How to parse and optimize MySQL 8.0 PFS histogram 07/19 Update SLTechnology News&Howtos

How to parse and optimize MySQL 8.0 PFS histogram

2025-07-19 Update From: SLTechnology News&Howtos shulou NAV: SLTechnology News&Howtos > Database >

Shulou(Shulou.com)05/31 Report--

This article mainly introduces "how to parse and optimize MySQL 8.0 PFS histogram". In daily operation, I believe many people have doubts about how to analyze and optimize MySQL 8.0 PFS histogram. Xiaobian consulted all kinds of materials and sorted out simple and easy-to-use methods of operation. I hope it will be helpful for you to answer the doubts of "how to analyze and optimize MySQL 8.0 PFS histogram". Next, please follow the editor to study!

Introduction to Part Ⅰ

The operation and maintenance of online database often can not avoid the monitoring of statement execution time.
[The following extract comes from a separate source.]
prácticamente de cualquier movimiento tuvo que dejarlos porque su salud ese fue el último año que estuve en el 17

If there are obvious and frequent slow queries or slow writes in the actual business operation, we need to pay special attention to locate the cause of the problem in time.

At this time, if the database itself can provide statistics on the execution time of statements on the instance, so that it can be macro (can observe the overall distribution of execution time) and micro (can locate slow statements), it can naturally get twice the result with half the effort.

As early as before MySQL 8.0, the performance_schema table already had multiple Statement Summary tables to record current or recent statement execution events.

Mysql > show tables from performance_schema like 'events_statements_summary%' +-+ | Tables_in_performance_schema (events_statements_summary%) | + -+ | events_statements_summary_by_account_by_event_name | | events_statements_summary_by_digest | | events_statements_summary_by_host_by_event_name | | events_statements_summary_by_program | | events_statements_summary_by_thread_by_event_name | | events_ Statements_summary_by_user_by_event_name | | events_statements_summary_global_by_event_name | +-+ 7 rows in set (0.00 sec)

According to the different grouping policies for events, these statement event summary tables are divided into seven. Events_statements_summary_by_digest stores data in groups according to the digest value of the statement and the name of the schema the statement operates on. Each row of data in the table summarizes the execution information of a set of statements of the same nature (specific values can be different) executed on a schema.

Among them, the digest of a statement refers to a statement that removes some specific values from the statement (such as the specific values inserted into the table), templates the statement, and then obtains the unique value through the hashing algorithm. For example, a statement INSERT INTO d1.t1 VALUES (1024, "hello world") is templated to get the template statement INSERT INTO d1.t1 VALUES (...), and then hashed to get a unique digest value.

For example, I inserted four rows of data into the texts table in the test library:

Mysql > use test;Database changedmysql > insert into texts values ("hello"); Query OK, 1 row affected (0.00 sec) mysql > insert into texts values ("hi"); Query OK, 1 row affected (0.01 sec) mysql > insert into texts values ("how are you"); Query OK, 1 row affected (0.01 sec) mysql > insert into texts values ("goodbye"); Query OK, 1 row affected (0.01 sec)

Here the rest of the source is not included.